**Action item:** The answer must be an exact copy of the lines from the one with "Chest X-ray" through the final line of the records below, with no pictures.

━━ Records for the exercise ━━

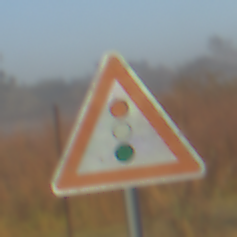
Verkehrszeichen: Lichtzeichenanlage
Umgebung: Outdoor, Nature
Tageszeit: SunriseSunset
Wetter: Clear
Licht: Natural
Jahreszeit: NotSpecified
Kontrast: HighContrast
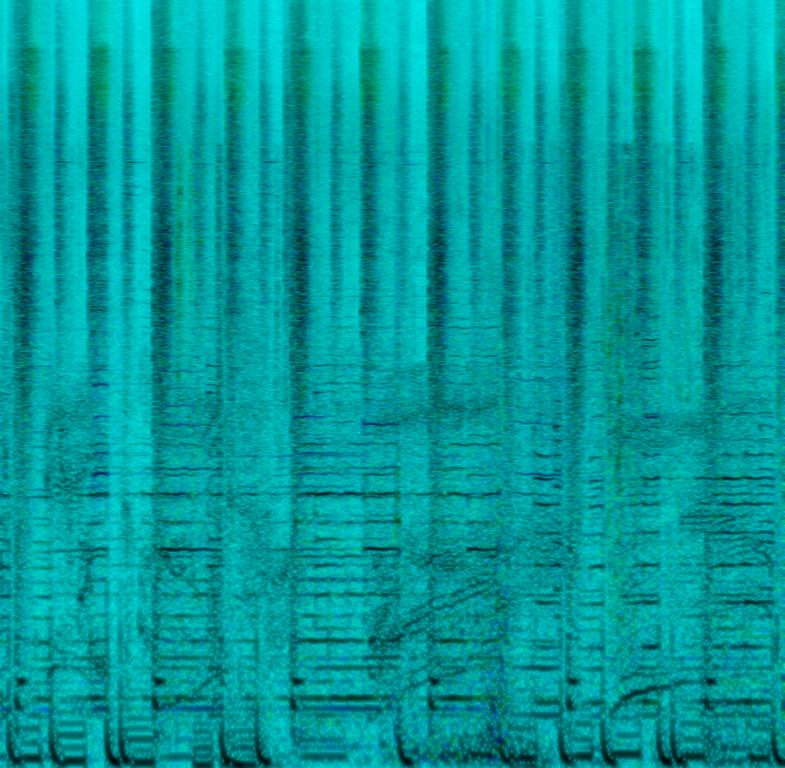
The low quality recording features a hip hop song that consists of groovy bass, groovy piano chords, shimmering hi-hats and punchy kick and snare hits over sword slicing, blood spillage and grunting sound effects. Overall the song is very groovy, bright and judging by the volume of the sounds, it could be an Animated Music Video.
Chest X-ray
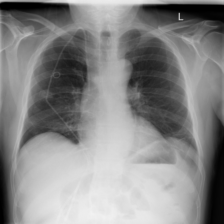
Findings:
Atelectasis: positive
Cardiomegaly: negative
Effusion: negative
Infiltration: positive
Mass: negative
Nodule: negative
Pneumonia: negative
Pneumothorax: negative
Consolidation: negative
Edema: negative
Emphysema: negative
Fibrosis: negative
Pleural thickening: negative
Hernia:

━━━

**Response area:**
Chest X-ray
Findings:
Atelectasis: positive
Cardiomegaly: negative
Effusion: negative
Infiltration: positive
Mass: negative
Nodule: negative
Pneumonia: negative
Pneumothorax: negative
Consolidation: negative
Edema: negative
Emphysema: negative
Fibrosis: negative
Pleural thickening: negative
Hernia:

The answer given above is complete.